DORCHESTER
Making changes that are making a big difference
Academies, college courses keeping high
schoolers interested in learning
By Jane Manners, Globe Correspondent |
May 8, 2005
In the two-and-a-half years since Randy Browne started his
freshman year at Dorchester High, something remarkable has
happened: He has started liking school.
''In ninth grade, people didn't want to come to school,"
says Browne, an articulate 17-year-old interested in writing
and computers. ''There were kids in the hallways walking around,
and fights. No one cared if you left school or not."
But this year, he says, ''school has just been a lot better.
If you're not in class, the teachers actually call home to
check on you. I'm really happy to be here."
Two changes at the 780-student Dorchester High are responsible
for Browne's change of heart. The first is the restructuring
that took place after Browne's freshman year.
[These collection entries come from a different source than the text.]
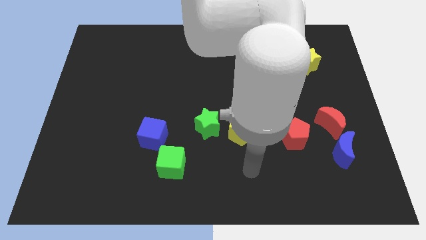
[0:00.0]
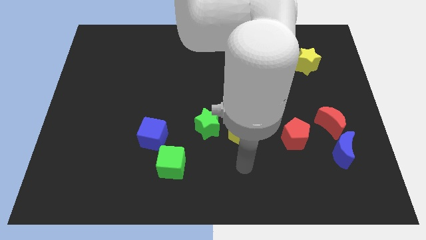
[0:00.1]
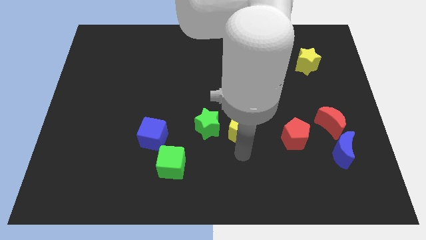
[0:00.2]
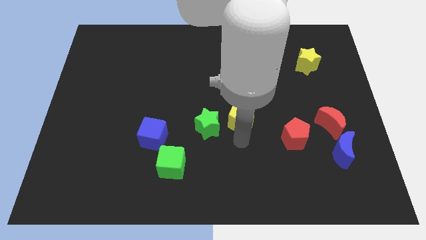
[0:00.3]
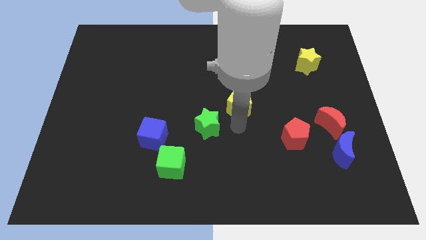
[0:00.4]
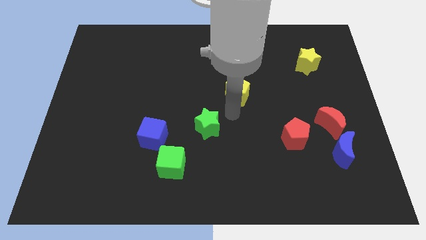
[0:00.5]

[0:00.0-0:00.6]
pull the green star apart from the yellow pentagon

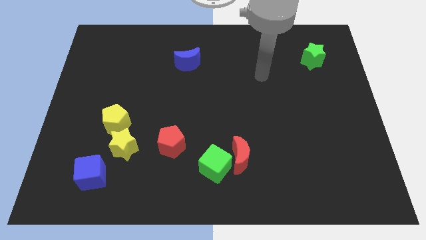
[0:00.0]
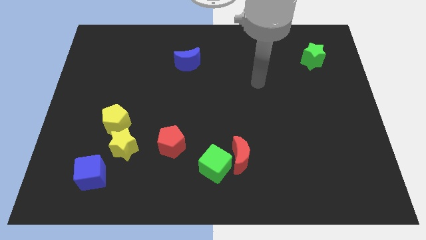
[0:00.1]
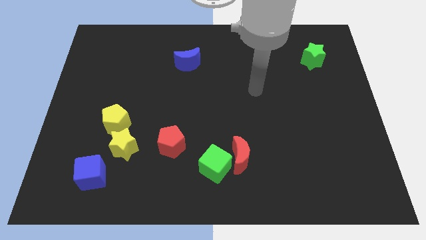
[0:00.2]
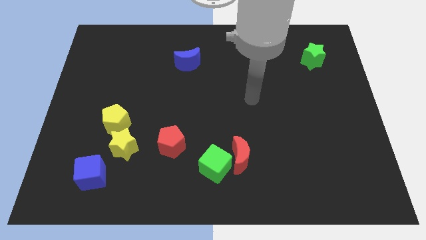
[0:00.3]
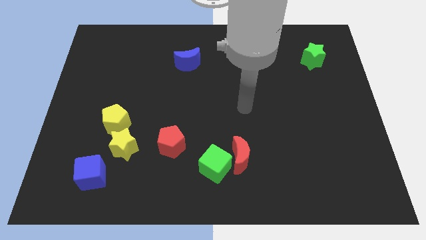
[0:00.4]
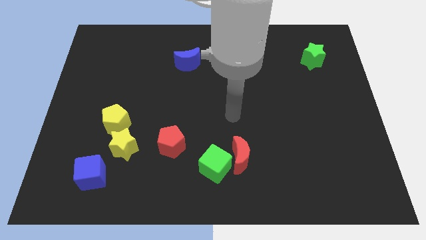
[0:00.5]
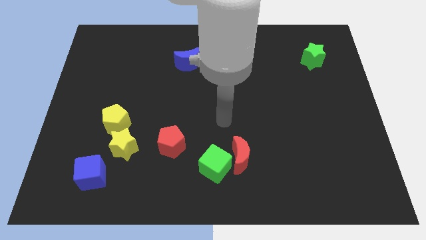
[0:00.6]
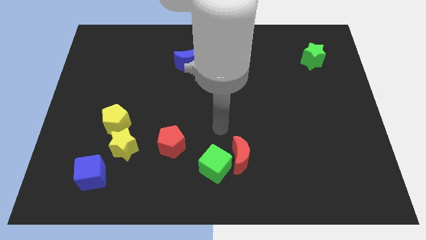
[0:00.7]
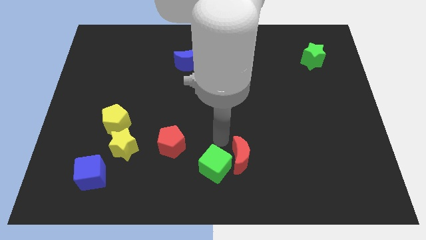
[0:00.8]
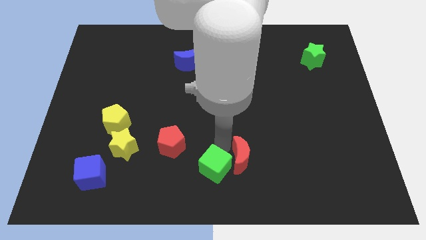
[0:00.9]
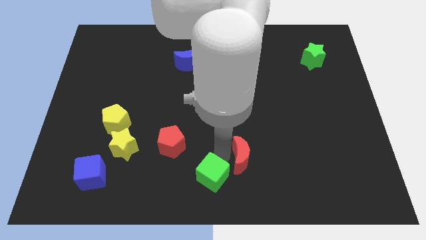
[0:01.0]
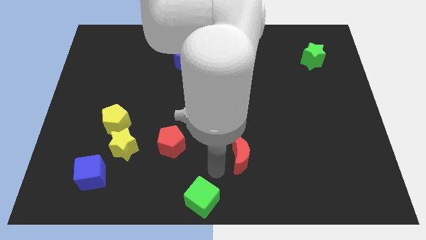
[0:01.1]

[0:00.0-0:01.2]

With the help of a $13.6 million grant the Boston public
schools received from the Bill and Melinda Gates Foundation
in July 2003, Dorchester High -- renamed Dorchester Educational
Complex or DEC -- was divided into three independent ''academies,"
each occupying a separate floor of the building, and each
with a different theme: technology, business, and public affairs.
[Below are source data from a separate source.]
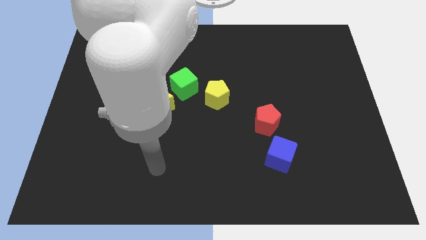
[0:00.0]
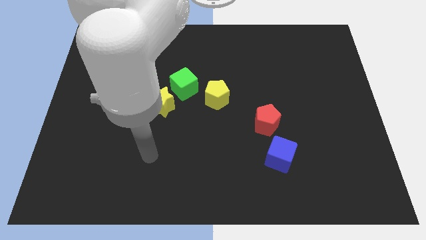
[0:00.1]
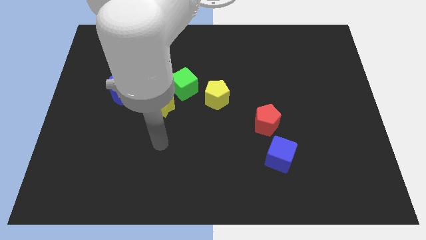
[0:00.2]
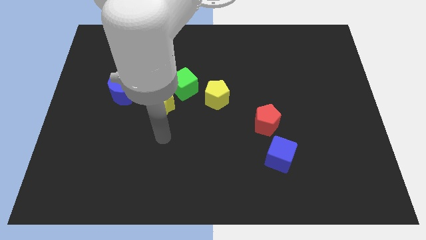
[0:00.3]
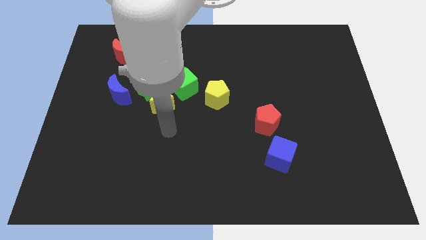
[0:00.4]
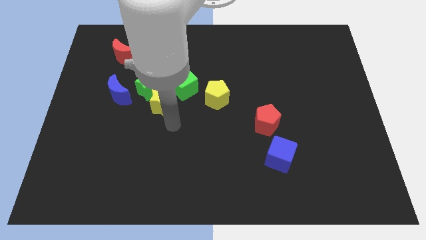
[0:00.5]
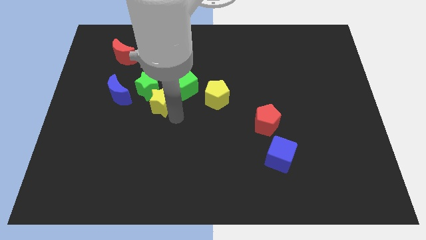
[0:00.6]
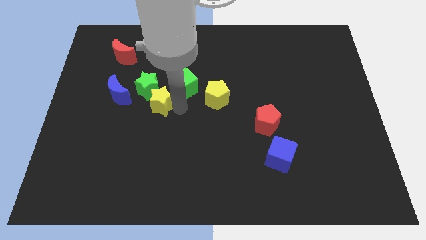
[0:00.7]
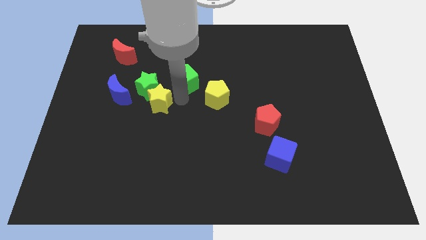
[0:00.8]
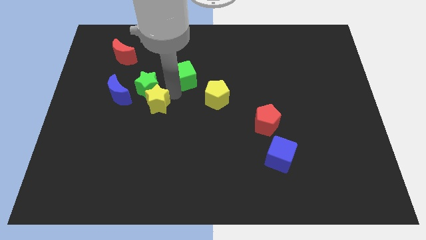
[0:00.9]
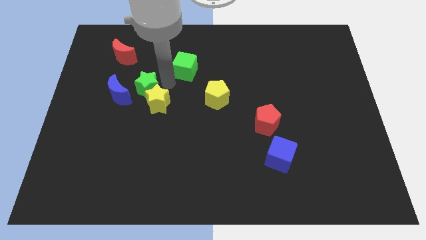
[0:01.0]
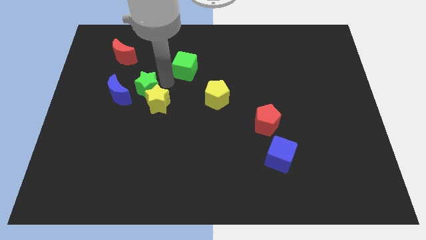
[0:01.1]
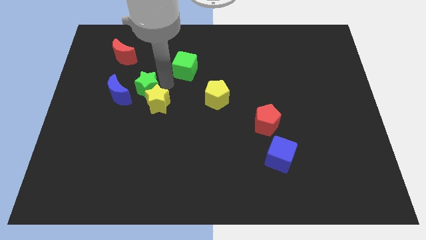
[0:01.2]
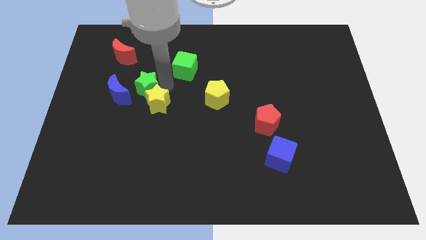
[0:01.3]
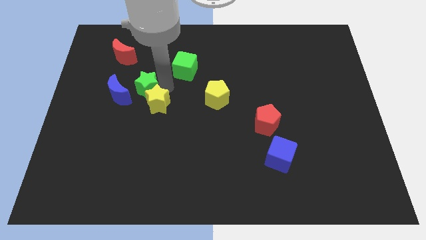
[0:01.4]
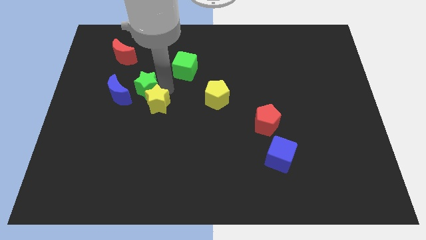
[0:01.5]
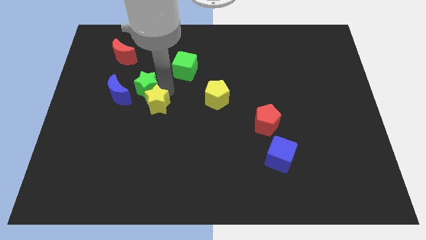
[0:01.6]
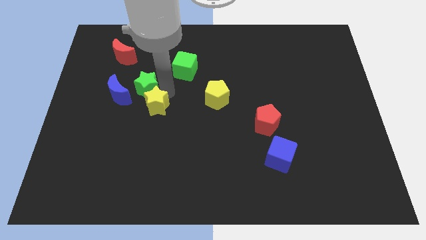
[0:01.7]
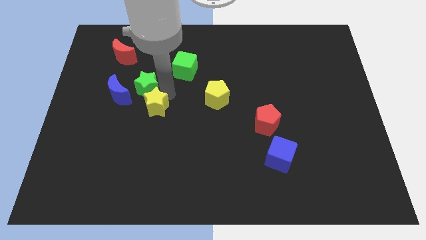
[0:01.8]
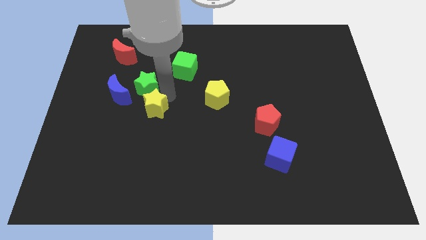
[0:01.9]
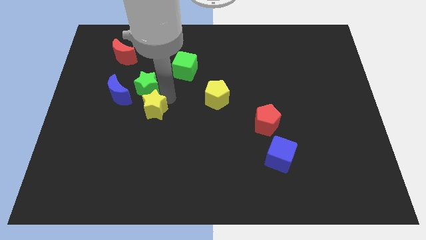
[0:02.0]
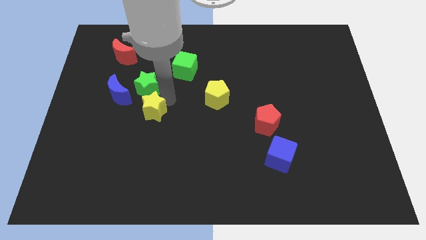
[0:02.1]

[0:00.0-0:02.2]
move the yellow star away from the green star and green cube

Browne, who is enrolled in the Economics and Business Academy,
recalls seeing the difference when he walked into school his
first day of sophomore year: ''They'd painted the whole floor
green, and each other floor had a color theme, too. It was
a whole new world."
And then there are the college classes. Since the end of
January, Browne has been enrolled in an introductory psychology
class at the University of Massachusetts at Boston, where
he is surrounded by college students who, as he puts it, range
from 18-year-olds to people ''old enough to be my grandmother."
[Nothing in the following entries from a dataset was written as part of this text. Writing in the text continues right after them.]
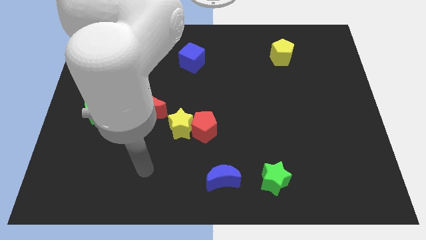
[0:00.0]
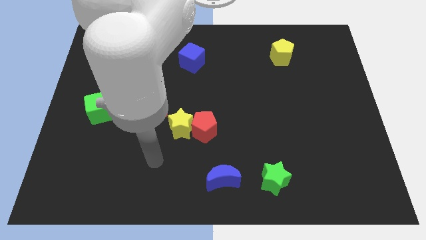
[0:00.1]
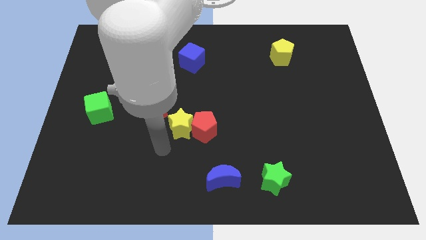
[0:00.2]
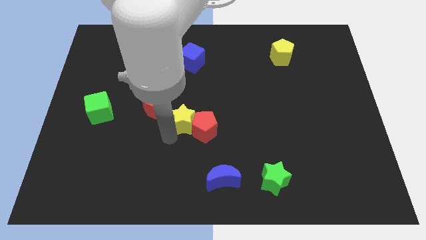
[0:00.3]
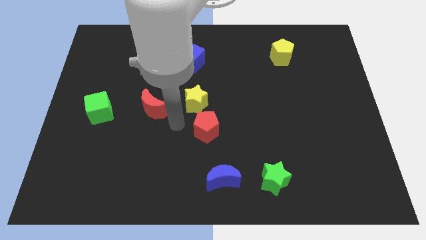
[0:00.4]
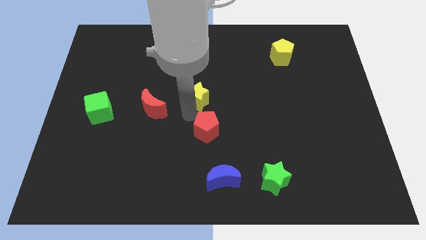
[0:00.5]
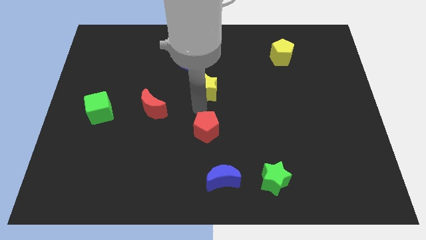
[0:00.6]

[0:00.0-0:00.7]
separate the red pentagon from the yellow star

Browne is one of 20 DEC students who enrolled in college
classes this semester, as part of a collaboration between
UMass-Boston and DEC launched this past winter. While the
two institutions have been affiliated through various tutoring
programs for 40 years, this latest iteration of their partnership
-- underwritten by the Nellie Mae Education Foundation of
Quincy -- is an attempt to make the resources offered by UMass-Boston
available to more DEC students.
''We have a variety of programs available to kids," says
Economics and Business Academy headmaster Jack Leonard, referring
to tutoring programs such as Upward Bound and GEAR UP, in
which UMass-Boston undergraduates tutor DEC students. ''But
it's unclear to me if the right kids are being targeted. I
want to know how far we can stretch that limit. We don't want
everyone fighting over the same six kids."
To eliminate what he says has sometimes been a haphazard
approach to tutor assignments, Leonard and his UMass-Boston
partners are working on better identifying every individual
student who might benefit from a tutor.
At the same time, Leonard is pushing for average or underperforming
students in his academy to get a chance at the college courses,
rather than only the students with the highest grades. Browne,
for instance, was a student whose high school grades, according
to Leonard, haven't always ''reflected his intelligence."
But his grades in Psych 100 at UMass-Boston put him in the
top quarter of that class. And Browne is eager to take more
classes his senior year.
''Before I started taking the class, I wasn't really doing
anything after school -- just homework and being lazy," he
says with a smile. ''Taking college classes really gives me
a lot more confidence in my high school classes, and this
exposure to college life when I'm still a junior makes me
want to go to college even more. Of course I'll be back."